A successful run is billed `max(100, number_of_steps)` billable units. Requests that fail before training completes (input-validation errors / HTTP 422, or dataset-download failures) are billed 0 units.

How the Training Works

Pipeline Overview
  1. Preprocessing — the archive is extracted, clips fit to the resolution bucket (optionally scene-split), and audio prepared when audio extension is enabled.
  2. Training — for each clip, the last `conditioning_frames` frames are held clean as the suffix and the model learns to generate the preceding lead-in. With audio extension on, the matching closing audio window conditions the audio so it stays in sync.
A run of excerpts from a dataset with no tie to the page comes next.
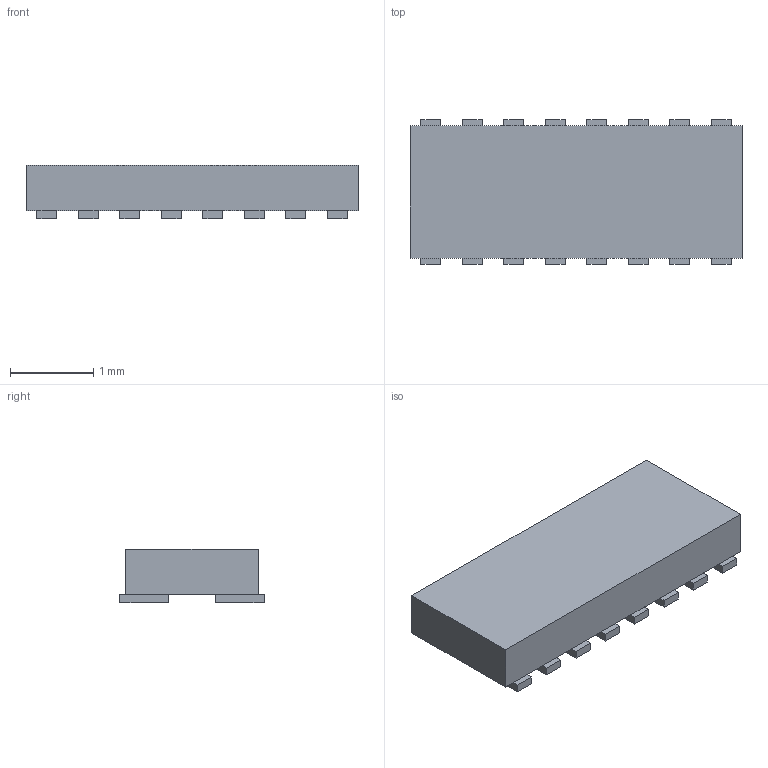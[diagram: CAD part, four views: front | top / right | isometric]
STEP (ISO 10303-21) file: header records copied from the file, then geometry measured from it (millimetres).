
FILE_DESCRIPTION(('FreeCAD Model'),'2;1');
FILE_NAME('16564271.1.1.stp','2023-02-06T05:31:47',( 'Author'),(''),'Open CASCADE STEP processor 6.9','FreeCAD','Unknown' );
FILE_SCHEMA(('AUTOMOTIVE_DESIGN { 1 0 10303 214 1 1 1 1 }'));
Length unit declared in the file: millimetre
Products named in the file (3): ASSEMBLY; Body; Pins
Assembly tree (2 placements, depth 2):
  ASSEMBLY
    Body
    Pins
Bounding box: 4 x 1.74 x 0.65 mm (x, y, z)
Volume: 3.7 mm3; surface area: 26.1 mm2
Topology: 17 solids, 17 shells, 102 faces, 204 edges, 136 vertices
Faces by surface type: plane 102
Entity records: 5411 total; most frequent: CARTESIAN_POINT 853, DIRECTION 822, LINE 612, VECTOR 612, ORIENTED_EDGE 408, PCURVE 408, DEFINITIONAL_REPRESENTATION 408, EDGE_CURVE 204

Validation previews run at intervals.
  3. Output — the LoRA, config, and validation reel are uploaded.
What Happens to Your Data
  • Archive extraction: the `.zip` is unpacked; macOS `__MACOSX` metadata folders are ignored.
  • Video fitting: clips are resized to fill the resolution bucket and center-cropped; with `auto_scale_input` they are resampled to the target frame rate/count.
  • Suffix carving: the trailing `conditioning_frames` frames of each clip are kept clean as conditioning; everything before is the generation target. This happens automatically.
  • Audio window: when audio extension is on, the matching closing seconds of audio condition the audio so audio and video stay aligned.
  • Captions: the trigger phrase (if set) is prepended.

Tips for Getting Good Results

Dataset Quality
  • Use at least 10 clips that contain the kind of backward continuation (lead-in) you want learned.
  • Clips should be long enough that there is a meaningful lead-in beyond the suffix window.
  • For audio extension, ensure every clip carries clean, in-sync audio.
Caption Best Practices
  • Describe the action plainly, optionally with a trigger phrase.
  • Keep captions consistent across clips.

Good caption: `a person walking up to and opening a door` Weak caption: `door`

Trigger Phrases
  • Use a distinctive trigger phrase to invoke a particular lead-in style; include it in every caption and at inference.
Inference Format Matching

At inference, supply a closing clip at least `conditioning_frames` long, use the same caption style and trigger phrase, and match the audio setting.

json
{
  "training_data_url": "https://example.com/clips.zip",
  "trigger_phrase": "",
  "rank": 32,
  "number_of_steps": 2000,
  "learning_rate": 0.0002,
  "conditioning_frames": 8,
  "number_of_frames": 89,
  "frame_rate": 24,
  "resolution": "medium",
  "aspect_ratio": "1:1",
  "with_audio": false,
  "validation": [
    { "prompt": "a person approaching a door", "video_url": "https://example.com/closing.mp4" }
  ]
}
Diagnosing Issues
  • Lead-in drifts or does not flow into the suffix: add more representative clips; try a slightly longer `conditioning_frames` for more closing context.
  • Validation rejected for short clip: provide a validation clip at least `conditioning_frames` long, or lower `conditioning_frames`.
  • Audio extension rejected: when `with_audio` is true, every training and validation clip must have an audio track.
  • Overfitting: fewer steps, lower `rank`, more clips.
Validation Prompt Tips
  • Use a fresh closing clip to gauge generalization.
  • Keep the prompt aligned with the lead-in you expect.
Common Pitfalls
  • `conditioning_frames` not a multiple of 8 (use 8, 16, 24, ...).
  • A suffix window so long it covers the whole clip (nothing left to generate).
  • Enabling audio extension with silent clips.